PENGASIH (MERAPI) – Petugas Satres Narkoba Polres Kulonprogo berhasil mengamankan 11 pelaku penggunaan obat terlarang dalam rentang waktu dua bulan terakhir. Salah satunya yakni FB, seorang satpam warga Mlati Sleman, yang nekat menjadi bandar narkoba lantaran butuh uang untuk biaya istrinya melahirkan.

Kasat Res Narkoba Polres Kulonprogo, AKP Irwan menyampaikan, dalam pengungkapan 11 perkara itu pihaknya mengamankan 11 tersangka dengan barang bukti 1.359 pil sapi, sejumlah kendaraan, uang tunai dan peralatan komunikasi. Selain di wilayah hukum Polres Kulonprogo, pengungkapkan kasus juga dikembangkan ke Sleman dan Kota Yogya.

“Yang paling menonjol dari 11 perkara ini yakni penangkapan pembeli, AS, di Alun-alun Wates pada 6 Februari lalu. Dari hasil penyidikan, terungkap bahwa AS mendapatkan barang dari seorang pengedar berinisial MA. Dalam pengembangan yang kami lakukan, MA berhasil ditangkap dengan barang bukti 30 butir pil putih dengan simbol Y yang diduga Yarindo,” kata Irwan saat merilis kasus ini di Mapolres Kulonprogo, Rabu (24/2).

MA diketahui memperoleh barang dari pengedar lain, MS warga Sayegan Sleman. Petugas kemudian mengembangkan kasus itu ke wilayah Sayegan Sleman dan menangkap MS dengan barang bukti 136 butir pil sapi. Saat dilakukan penyidikan, MS mengaku mendapat barang dari FB, seorang bandar narkoba warga Mlati Sleman.

“Kami menggeledah kediaman FB dan mendapati 784 butir pil sapi yang siap diedarkan,” imbuh Irwan.

Para pelaku kemudian dijerat Pasal 196 dan 197 Undang-Undang Kesehatan. Selain rangkaian peredaran pil sapi dengan bandar FB, petugas Satres Narkoba Polres Kulonprogo juga mengungkap kasus serupa pada 30 Januari lalu di wilayah Kapanewon Galur. Seorang pengedar narkoba yakni WNR (24) ditangkap dengan barang bukti 202 butir pil Trihexyphenidyl. WNR yang bekerja sebagai buruh di rumah pemotongan ayam ini mengedarkan obat terlarang tersebut kepada rekan-rekannya sesama buruh.

“Pasal yang kami gunakan untuk menjerat WNR masih sama, yakni Pasal 196 dan 197 Undang-Undang Kesehatan,” tegas Irwan.

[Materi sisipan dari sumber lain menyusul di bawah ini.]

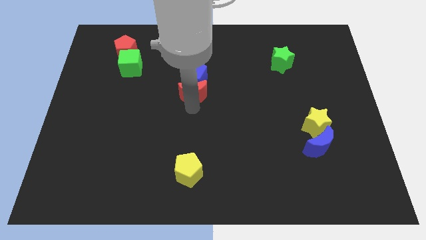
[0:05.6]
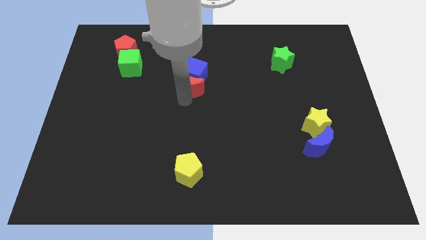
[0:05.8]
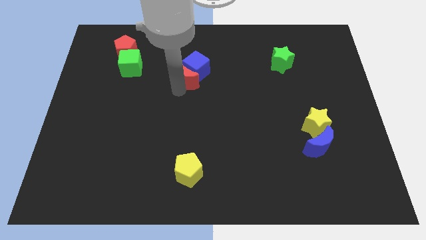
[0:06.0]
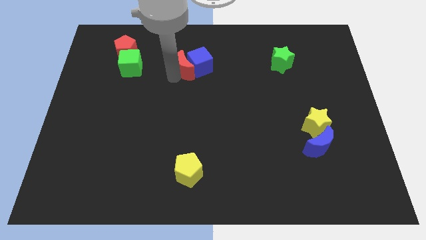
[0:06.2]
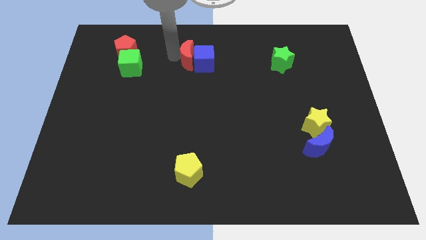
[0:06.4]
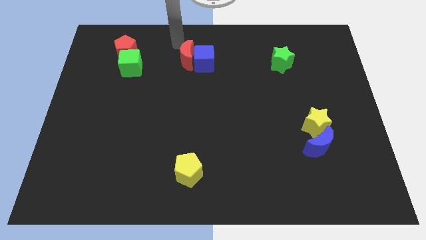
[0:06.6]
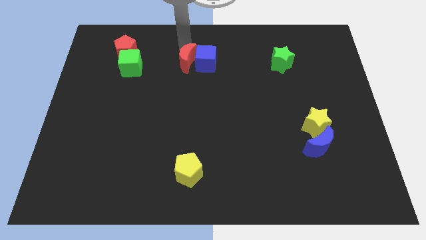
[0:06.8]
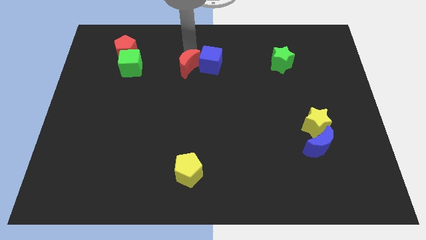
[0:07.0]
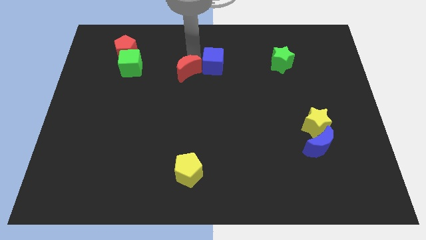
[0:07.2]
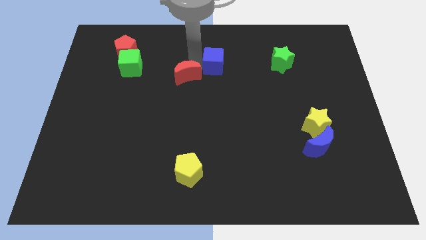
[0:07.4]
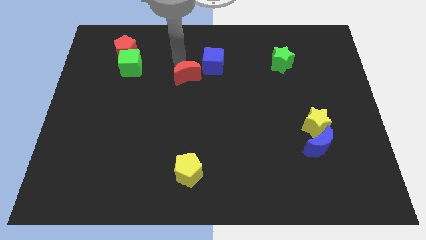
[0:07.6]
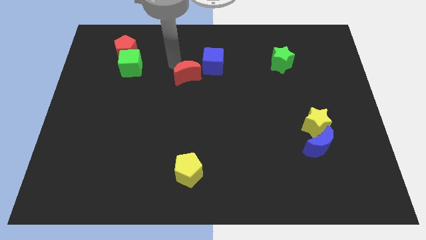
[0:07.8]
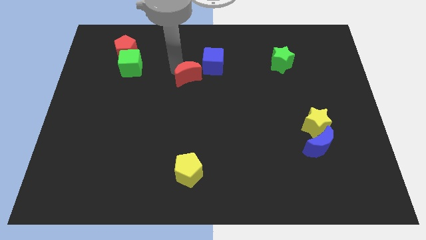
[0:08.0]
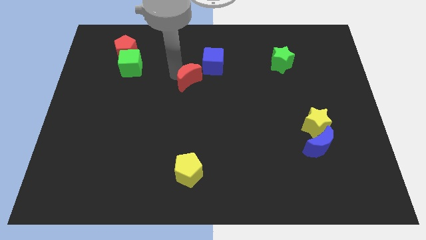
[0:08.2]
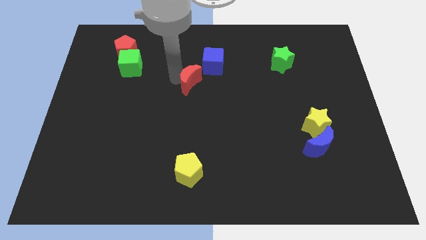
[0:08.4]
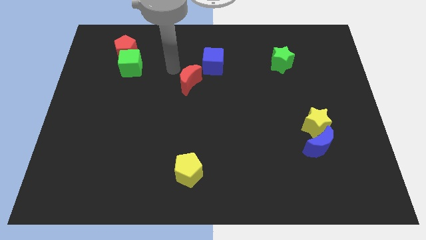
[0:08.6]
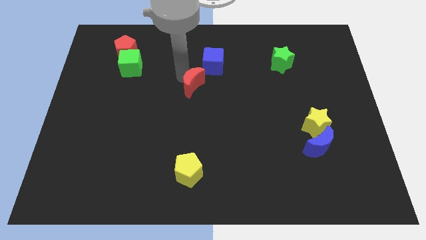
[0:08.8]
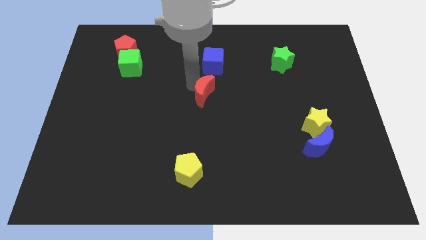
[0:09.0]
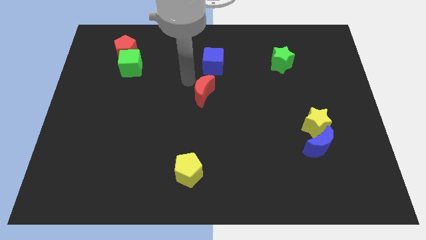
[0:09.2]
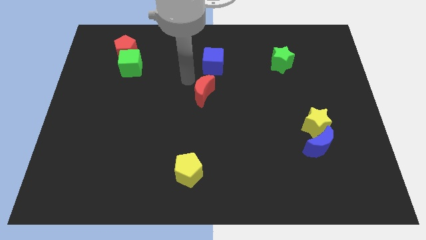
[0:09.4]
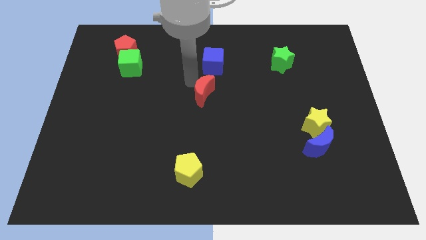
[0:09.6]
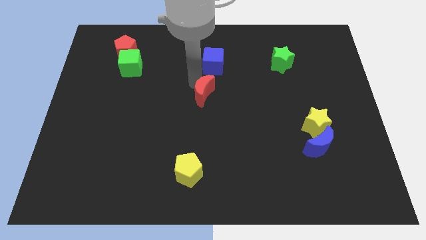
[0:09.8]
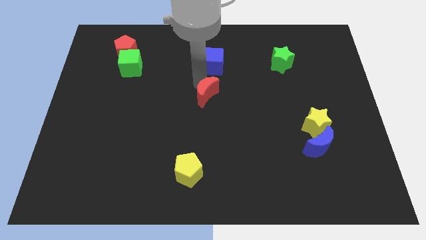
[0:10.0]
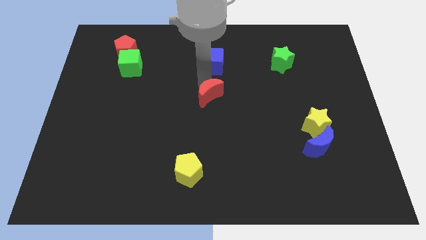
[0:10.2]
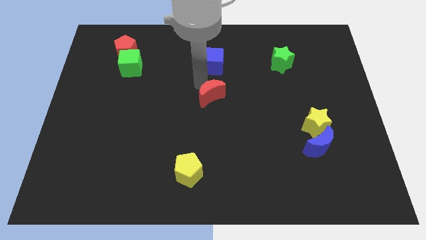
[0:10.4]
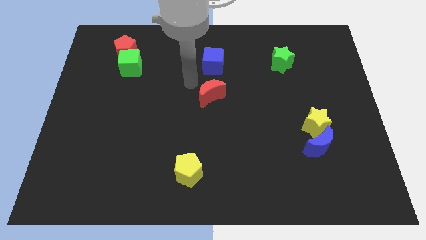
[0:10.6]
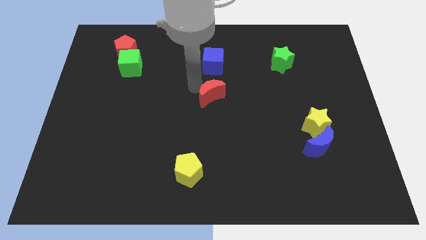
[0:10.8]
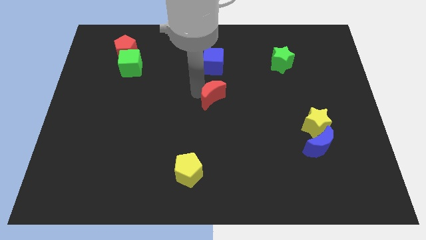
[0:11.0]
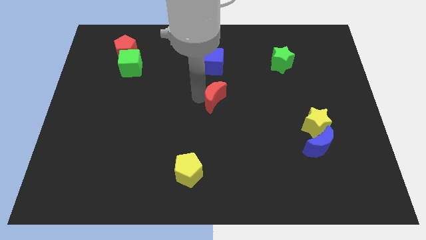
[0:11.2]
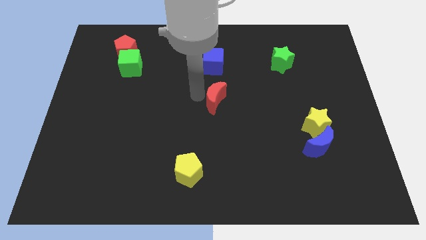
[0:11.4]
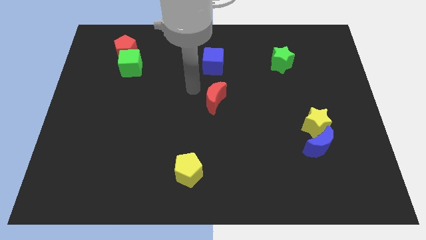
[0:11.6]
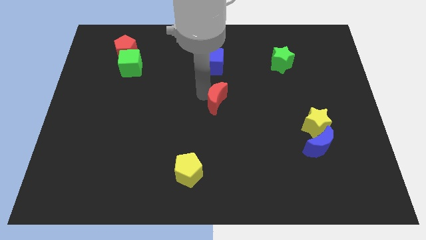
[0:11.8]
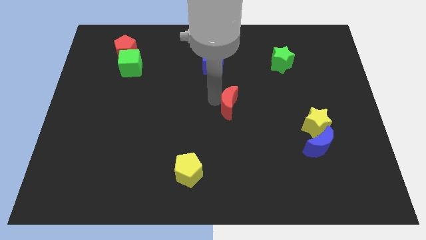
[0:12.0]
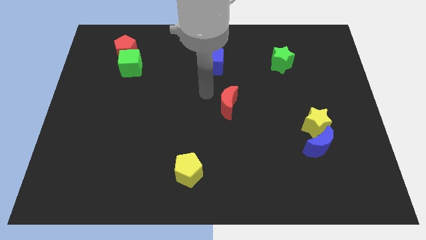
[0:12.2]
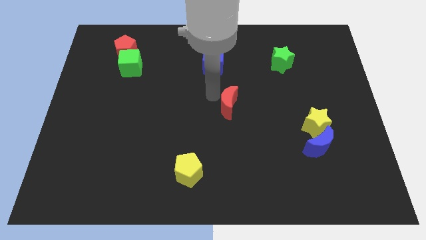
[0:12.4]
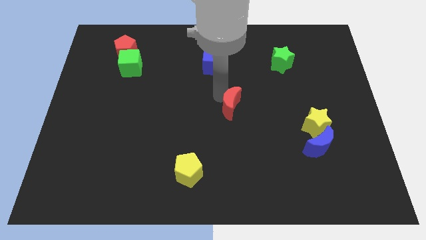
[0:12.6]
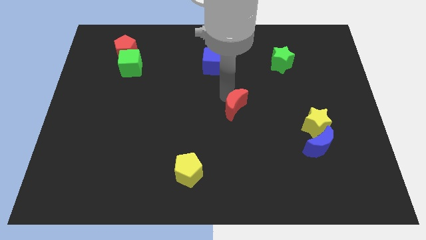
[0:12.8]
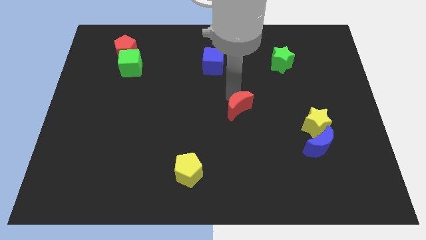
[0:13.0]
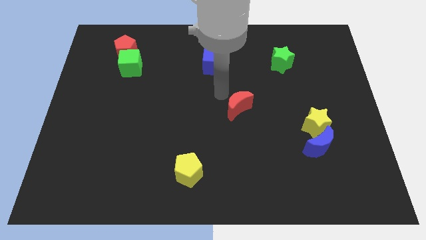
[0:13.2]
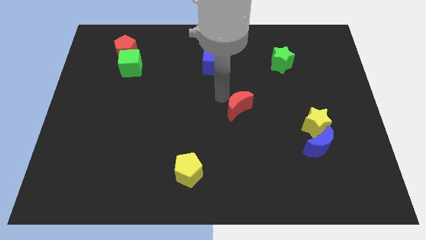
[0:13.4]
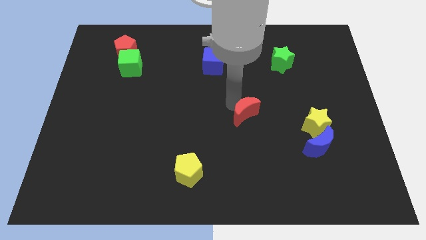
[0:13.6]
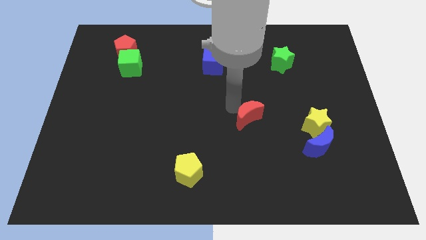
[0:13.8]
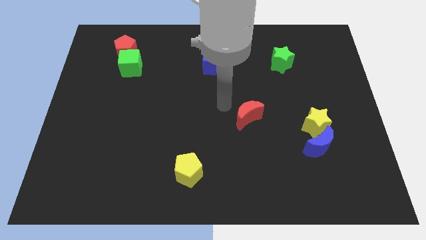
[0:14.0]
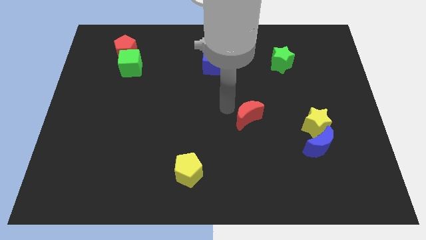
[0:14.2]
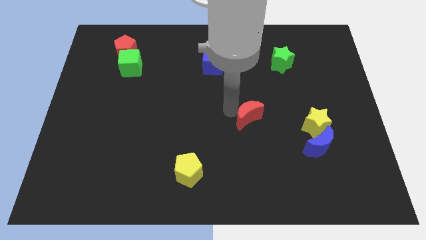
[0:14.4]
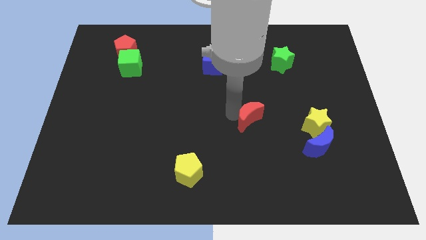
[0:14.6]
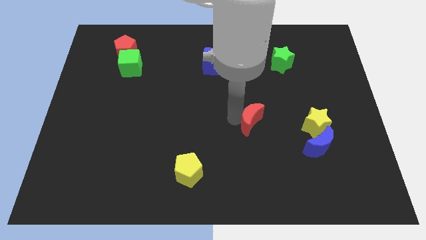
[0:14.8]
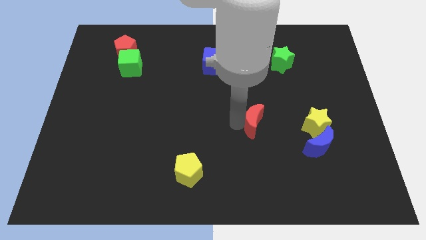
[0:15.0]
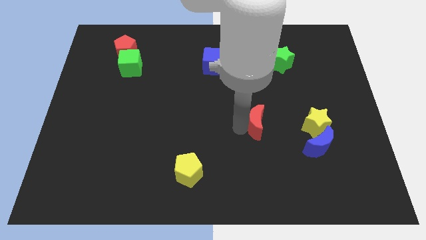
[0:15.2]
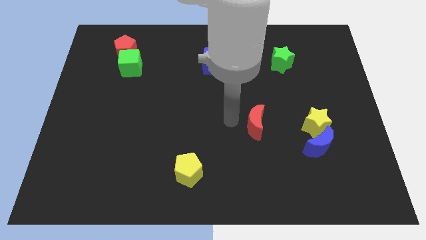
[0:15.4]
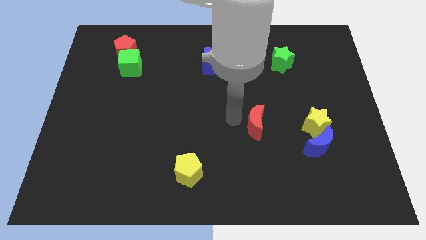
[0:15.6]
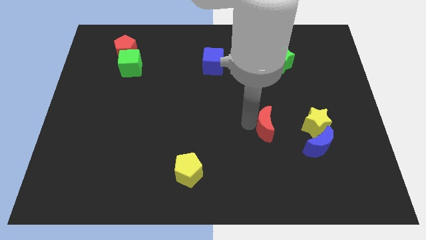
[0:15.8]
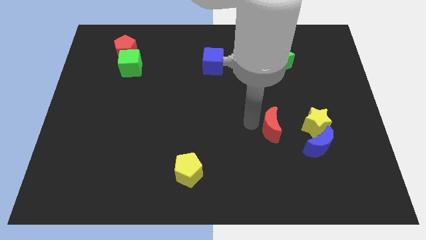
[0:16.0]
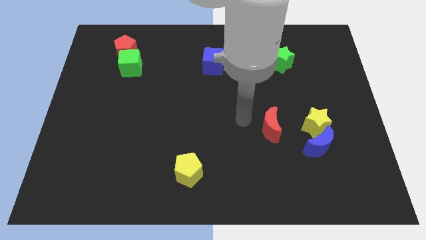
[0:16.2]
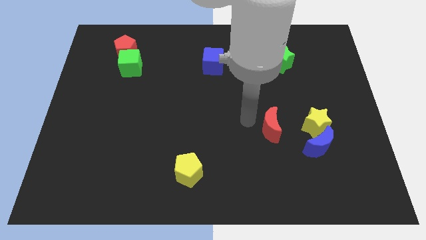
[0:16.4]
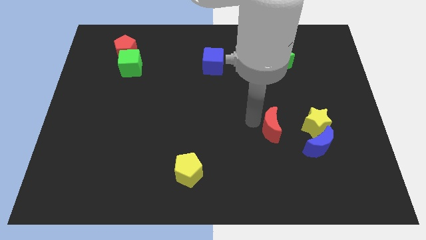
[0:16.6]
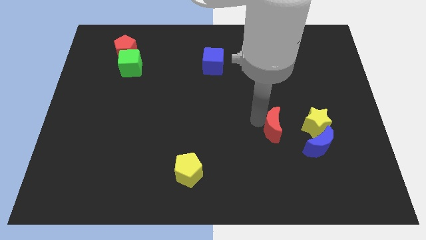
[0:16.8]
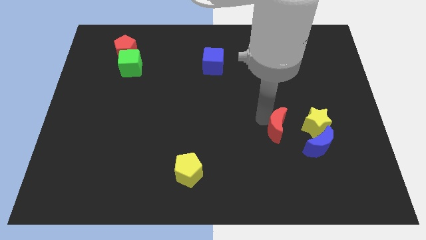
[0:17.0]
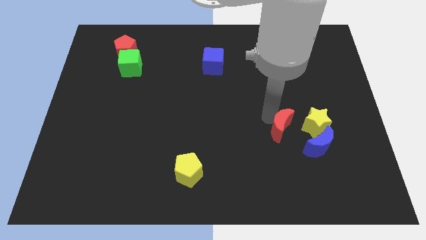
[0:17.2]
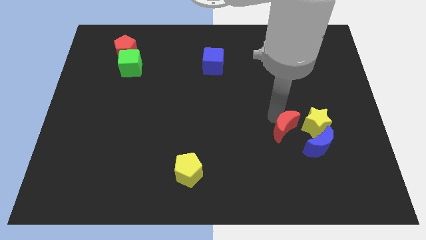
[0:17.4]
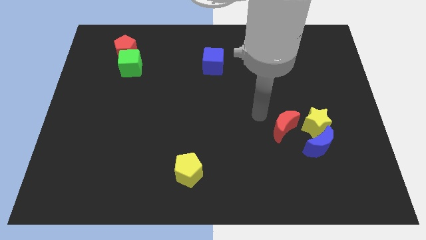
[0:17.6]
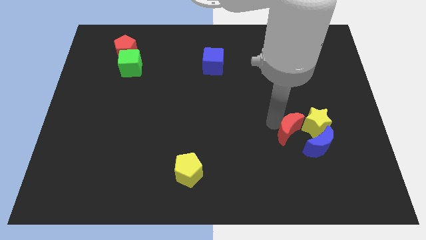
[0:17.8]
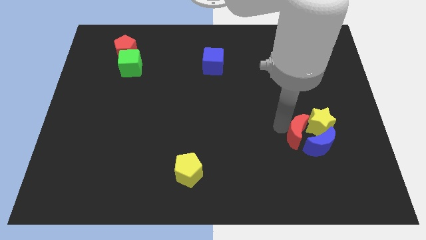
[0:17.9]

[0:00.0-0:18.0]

Pengungkapan kasus peredaran narkoba yang dilakukan Satres Narkoba Polres Kulonprogo menurut Irwan merupakan upaya pihaknya dalam mengantisipasi kejahatan jalanan alias klithih. Sebab, penggunanya mayoritas merupakan anak muda yang rentan terlibat kejahatan jalanan. Anak-anak muda biasanya mengonsumsi narkoba untuk menambah keberanian diri dalam melakukan tindak kejahatan.

Sementara itu, bandar narkoba warga Mlati Sleman yang tertangkap, FB menyampaikan, dirinya telah mengedarkan ratusan butir pil sapi yang diperoleh secara online dari Jakarta. Penjualan obat tersebut dilakukannya melalui aplikasi Whatsapp.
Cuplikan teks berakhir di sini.